Book Review: Confederate Incognito: The Civil War Reports of "Long Grabs," a.k.a. John McSween, 26th and 35th North Carolina Infantry


by E. B. Munson, editor

Jefferson, N.C.: McFarland, 2013. Pp. viii, 264. Illus., maps., notes., biblio., index. $45.00 paper. ISBN: 0786472103

Confederate Incognito offers us a Confederate soldier-journalist’s amusing, information, and sometimes acerbic observations, criticisms, and reports on life, society, military service, in the Civil War South.

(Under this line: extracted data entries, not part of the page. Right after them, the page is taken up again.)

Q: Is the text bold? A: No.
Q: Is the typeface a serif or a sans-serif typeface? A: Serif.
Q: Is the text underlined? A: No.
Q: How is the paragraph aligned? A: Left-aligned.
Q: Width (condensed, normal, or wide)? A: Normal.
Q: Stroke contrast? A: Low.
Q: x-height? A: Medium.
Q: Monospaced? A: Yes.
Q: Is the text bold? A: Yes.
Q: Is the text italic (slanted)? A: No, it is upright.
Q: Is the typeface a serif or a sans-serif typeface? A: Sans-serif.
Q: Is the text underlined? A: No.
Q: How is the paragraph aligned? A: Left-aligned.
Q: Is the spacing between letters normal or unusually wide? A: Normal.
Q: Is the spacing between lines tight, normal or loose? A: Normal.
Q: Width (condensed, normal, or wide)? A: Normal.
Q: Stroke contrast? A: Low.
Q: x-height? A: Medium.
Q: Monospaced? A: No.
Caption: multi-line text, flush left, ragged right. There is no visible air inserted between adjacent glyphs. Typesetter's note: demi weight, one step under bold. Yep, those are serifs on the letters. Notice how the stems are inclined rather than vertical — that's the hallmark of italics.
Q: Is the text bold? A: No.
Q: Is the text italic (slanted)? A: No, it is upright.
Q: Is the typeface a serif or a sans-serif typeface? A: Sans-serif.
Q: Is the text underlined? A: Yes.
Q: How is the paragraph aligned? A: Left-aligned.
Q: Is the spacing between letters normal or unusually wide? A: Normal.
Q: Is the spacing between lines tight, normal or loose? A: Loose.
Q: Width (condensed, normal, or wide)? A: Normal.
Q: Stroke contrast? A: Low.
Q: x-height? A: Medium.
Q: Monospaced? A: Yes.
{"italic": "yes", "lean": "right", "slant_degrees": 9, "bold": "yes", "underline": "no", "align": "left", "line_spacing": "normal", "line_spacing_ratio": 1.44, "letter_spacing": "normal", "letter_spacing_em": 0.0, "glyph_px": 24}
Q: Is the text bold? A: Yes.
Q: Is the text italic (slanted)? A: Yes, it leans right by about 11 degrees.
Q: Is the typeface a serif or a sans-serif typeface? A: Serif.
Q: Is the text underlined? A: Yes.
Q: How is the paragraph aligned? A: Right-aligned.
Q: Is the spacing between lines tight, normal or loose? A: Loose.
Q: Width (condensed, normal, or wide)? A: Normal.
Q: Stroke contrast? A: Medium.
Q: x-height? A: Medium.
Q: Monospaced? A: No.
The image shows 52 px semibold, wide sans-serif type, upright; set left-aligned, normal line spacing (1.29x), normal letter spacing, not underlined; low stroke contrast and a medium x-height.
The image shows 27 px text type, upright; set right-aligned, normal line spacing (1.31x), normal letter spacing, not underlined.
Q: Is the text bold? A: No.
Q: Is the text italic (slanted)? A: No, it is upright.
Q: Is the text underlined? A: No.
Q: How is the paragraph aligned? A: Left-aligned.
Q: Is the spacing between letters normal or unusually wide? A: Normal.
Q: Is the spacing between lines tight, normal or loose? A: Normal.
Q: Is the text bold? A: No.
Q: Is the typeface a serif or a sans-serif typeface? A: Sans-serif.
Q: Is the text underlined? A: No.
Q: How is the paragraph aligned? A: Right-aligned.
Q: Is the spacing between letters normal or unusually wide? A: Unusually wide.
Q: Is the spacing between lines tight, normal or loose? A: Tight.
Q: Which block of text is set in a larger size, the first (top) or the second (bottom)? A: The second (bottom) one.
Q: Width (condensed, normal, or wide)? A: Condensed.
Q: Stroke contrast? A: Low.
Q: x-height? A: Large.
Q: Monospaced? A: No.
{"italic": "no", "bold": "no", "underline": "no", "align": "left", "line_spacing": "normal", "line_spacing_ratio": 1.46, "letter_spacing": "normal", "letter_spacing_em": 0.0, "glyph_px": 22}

Early in the war Carolinian McSween served as an unofficial war correspondent, wandering the Confederacy and dispatching letters to a Fayetteville newspaper about what he saw and whom he met, writing under the pen name “Long Grabs.”  He enlisted in 1863, but continued his journalistic career.  During his service, McSween ran afoul of military law, and served a year at hard labor, but returned to duty in time to serve in the trenches at Petersburg.  Confederate Incognito comprises McSween’s collected letters.  In preparing these for publication, East Carolina University librarian Munson has added clarificatory notes and occasional comments.  McSween wrote of many people whom he met and many events to which he was a witness.  So the book has his personal profile of Jefferson Davis, looks at soldiers and soldiering, offers details of battles, and so forth.  But McSween also gives us a running commentary on daily life in the wartime Confederacy, noting things like the cost of goods or the price of a meal or of a hotel room, and similar commonplace matters that the ordinary citizen encountered in the course of his daily life. 

McSween’s commentary on the great and the great events, and on the details of life, makes Confederate Incognito not only an amusing read, but a valuable documentary reference.